* _Work instructions_:
For every record that follows, write out the text exactly and omit the picture, if one is present.

* _Dataset_:
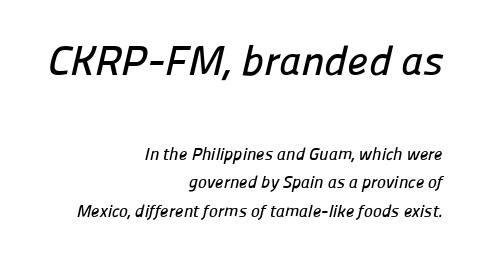
Q: Is the typeface a serif or a sans-serif typeface? A: Sans-serif.
Q: Is the text underlined? A: No.
Q: How is the paragraph aligned? A: Right-aligned.
Q: Is the spacing between letters normal or unusually wide? A: Normal.
Q: Is the spacing between lines tight, normal or loose? A: Normal.
Q: Which block of text is set in a larger size, the first (top) or the second (bottom)? A: The first (top) one.
Q: Width (condensed, normal, or wide)? A: Normal.
Q: Stroke contrast? A: Low.
Q: x-height? A: Medium.
Q: Monospaced? A: No.

* _Task response_:
Q: Is the typeface a serif or a sans-serif typeface? A: Sans-serif.
Q: Is the text underlined? A: No.
Q: How is the paragraph aligned? A: Right-aligned.
Q: Is the spacing between letters normal or unusually wide? A: Normal.
Q: Is the spacing between lines tight, normal or loose? A: Normal.
Q: Which block of text is set in a larger size, the first (top) or the second (bottom)? A: The first (top) one.
Q: Width (condensed, normal, or wide)? A: Normal.
Q: Stroke contrast? A: Low.
Q: x-height? A: Medium.
Q: Monospaced? A: No.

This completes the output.